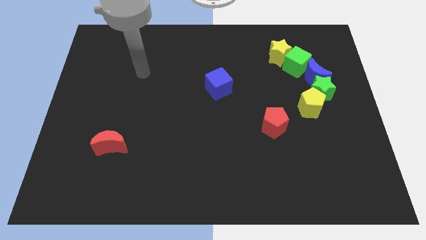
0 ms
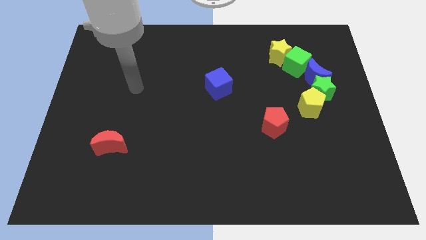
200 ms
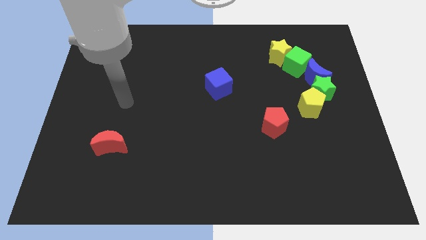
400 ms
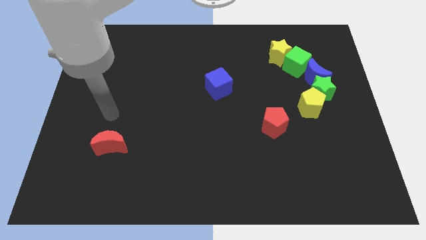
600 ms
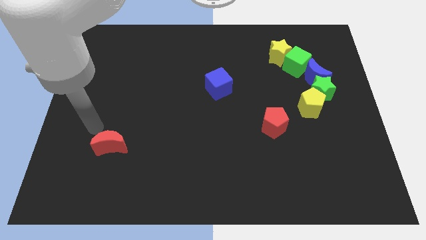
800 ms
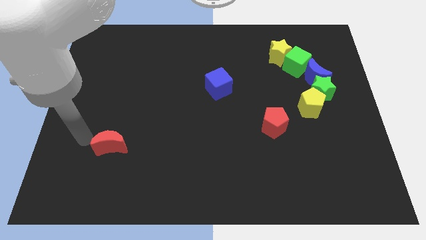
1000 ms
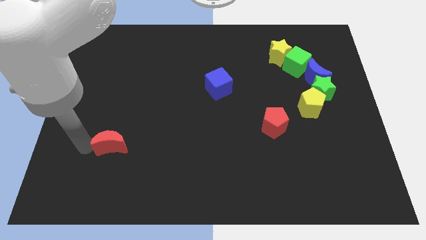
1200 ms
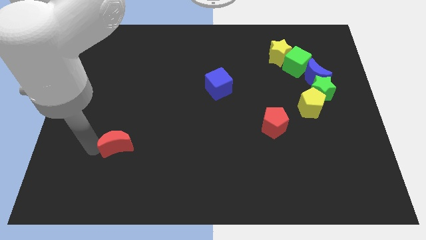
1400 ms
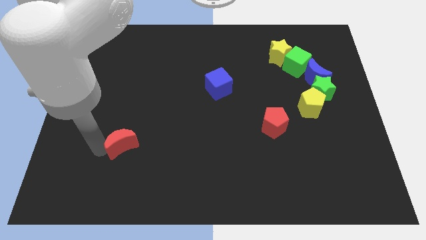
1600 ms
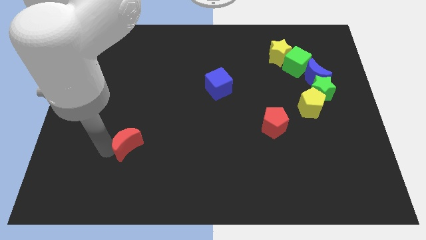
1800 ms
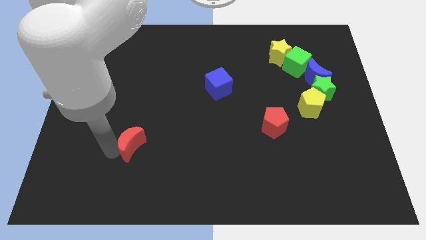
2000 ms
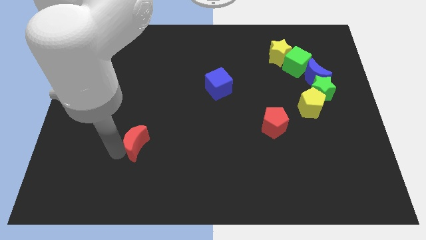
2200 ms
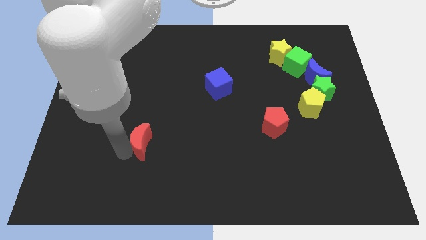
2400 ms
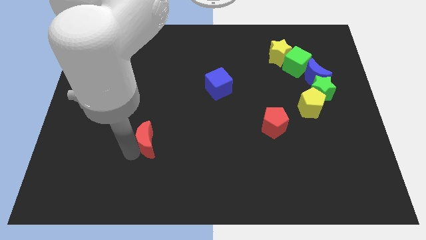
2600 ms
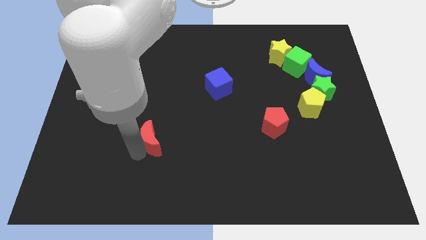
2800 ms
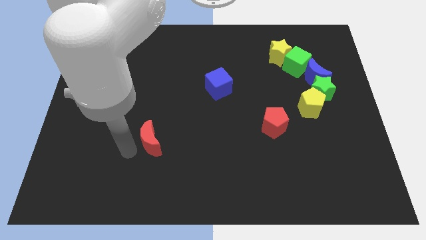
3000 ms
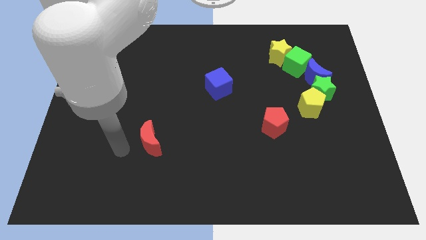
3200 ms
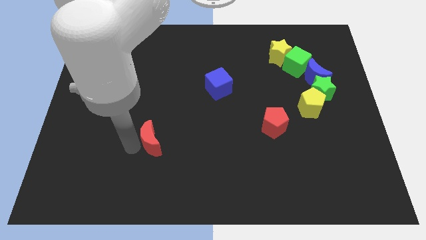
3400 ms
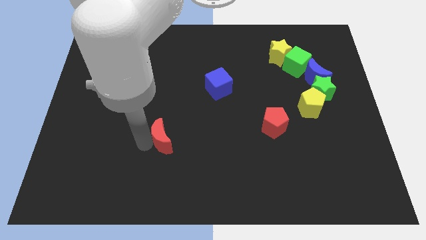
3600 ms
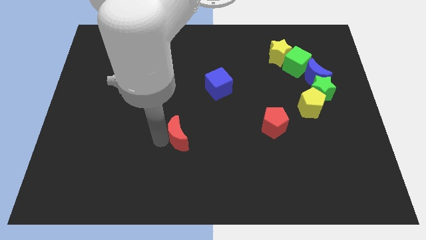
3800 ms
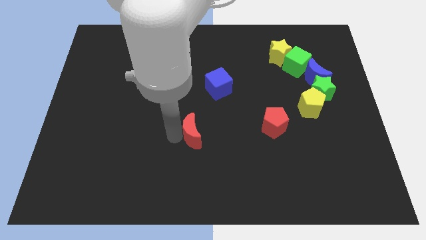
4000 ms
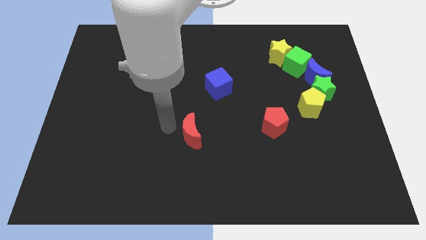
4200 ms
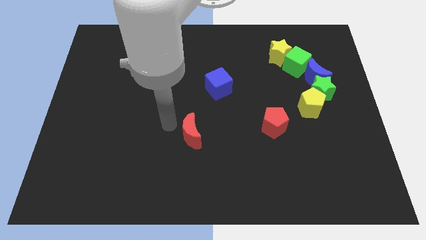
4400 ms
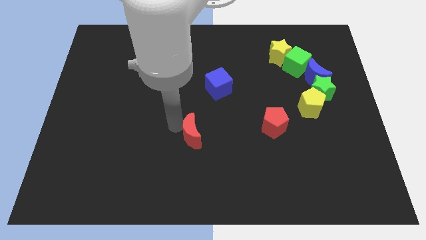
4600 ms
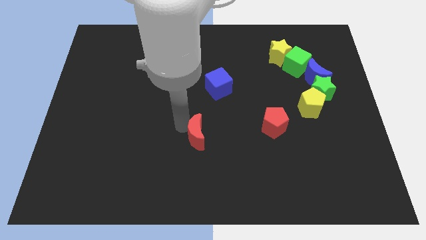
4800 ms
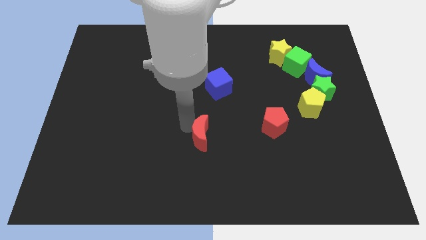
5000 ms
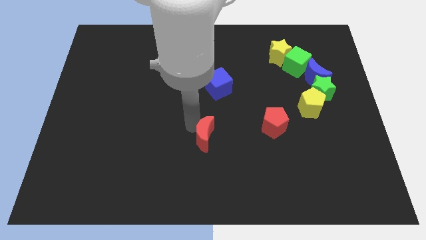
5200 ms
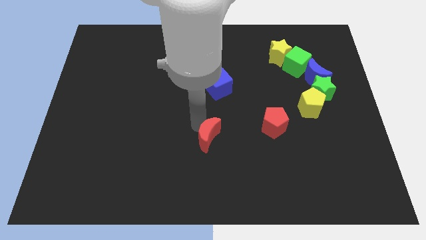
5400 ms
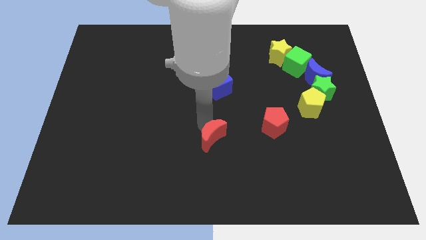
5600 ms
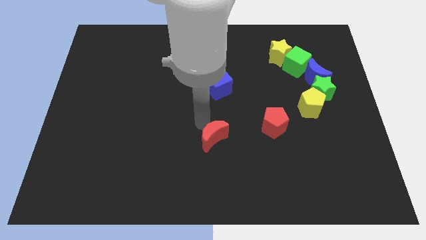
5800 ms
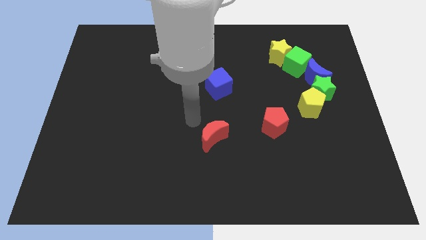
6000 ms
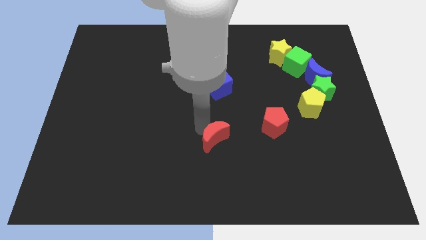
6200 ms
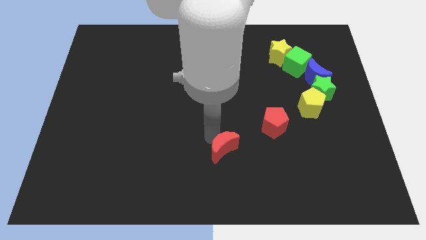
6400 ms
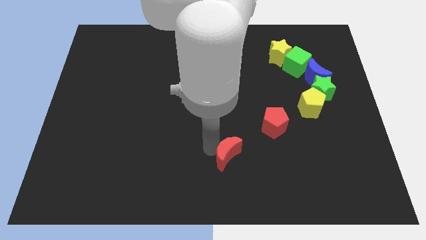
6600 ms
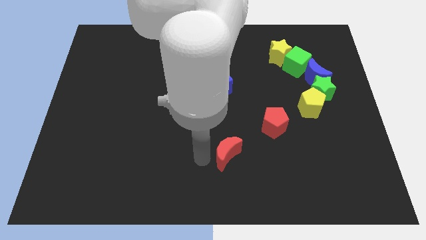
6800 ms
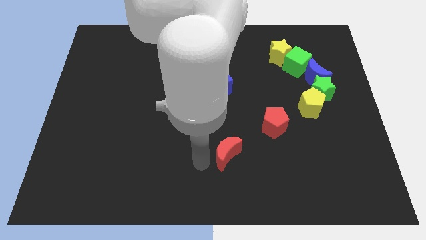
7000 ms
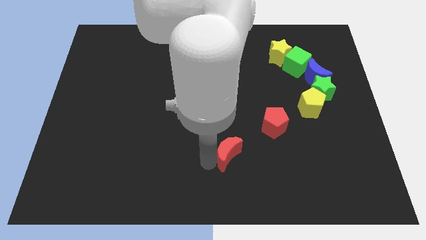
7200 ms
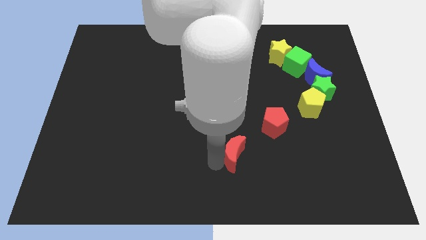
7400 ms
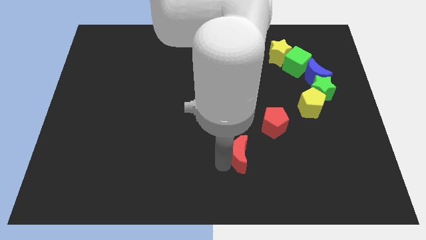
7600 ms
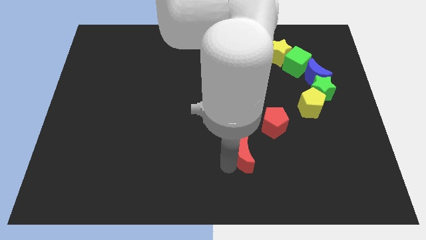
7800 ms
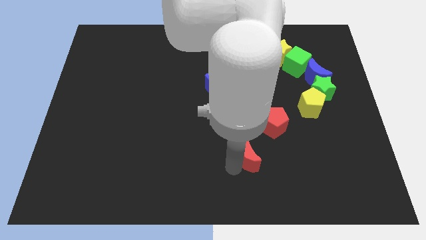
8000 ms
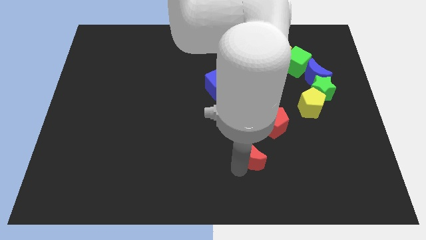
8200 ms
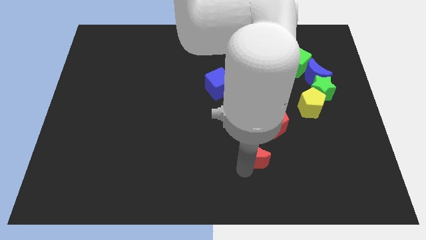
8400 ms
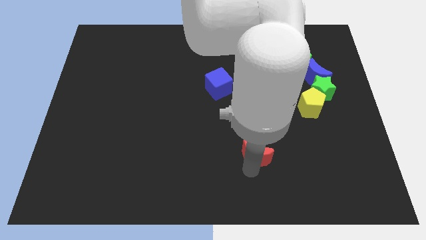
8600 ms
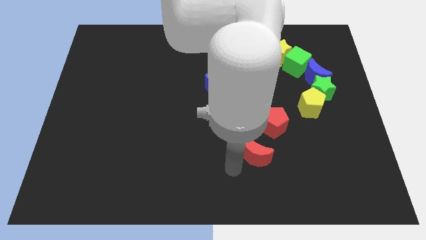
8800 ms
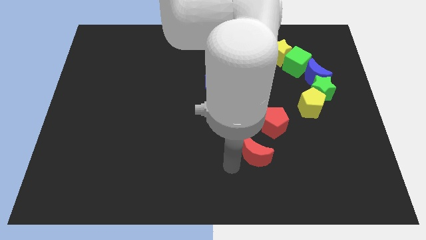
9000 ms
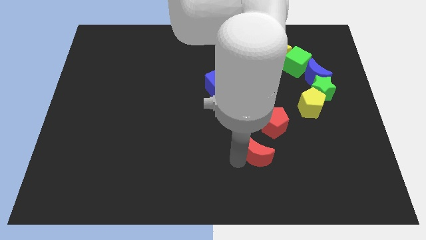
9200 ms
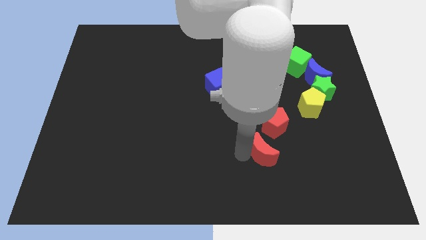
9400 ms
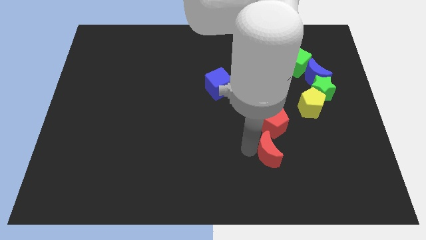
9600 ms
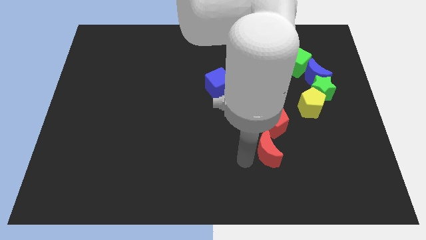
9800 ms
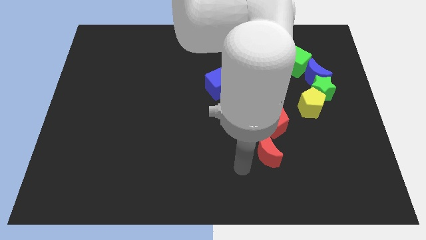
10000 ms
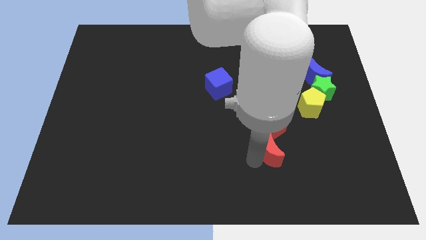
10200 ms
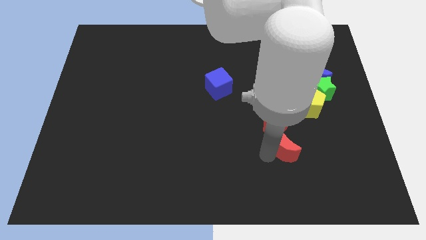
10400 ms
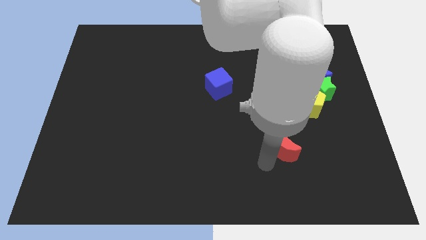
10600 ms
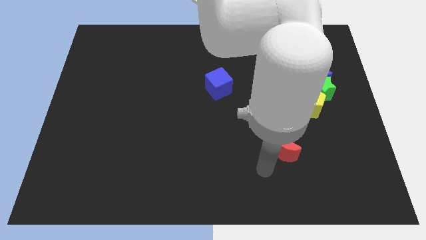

⁂

Print the data above in full and exactly as it appears, skipping the pictures.

*Exercise solution*
0 ms
200 ms
400 ms
600 ms
800 ms
1000 ms
1200 ms
1400 ms
1600 ms
1800 ms
2000 ms
2200 ms
2400 ms
2600 ms
2800 ms
3000 ms
3200 ms
3400 ms
3600 ms
3800 ms
4000 ms
4200 ms
4400 ms
4600 ms
4800 ms
5000 ms
5200 ms
5400 ms
5600 ms
5800 ms
6000 ms
6200 ms
6400 ms
6600 ms
6800 ms
7000 ms
7200 ms
7400 ms
7600 ms
7800 ms
8000 ms
8200 ms
8400 ms
8600 ms
8800 ms
9000 ms
9200 ms
9400 ms
9600 ms
9800 ms
10000 ms
10200 ms
10400 ms
10600 ms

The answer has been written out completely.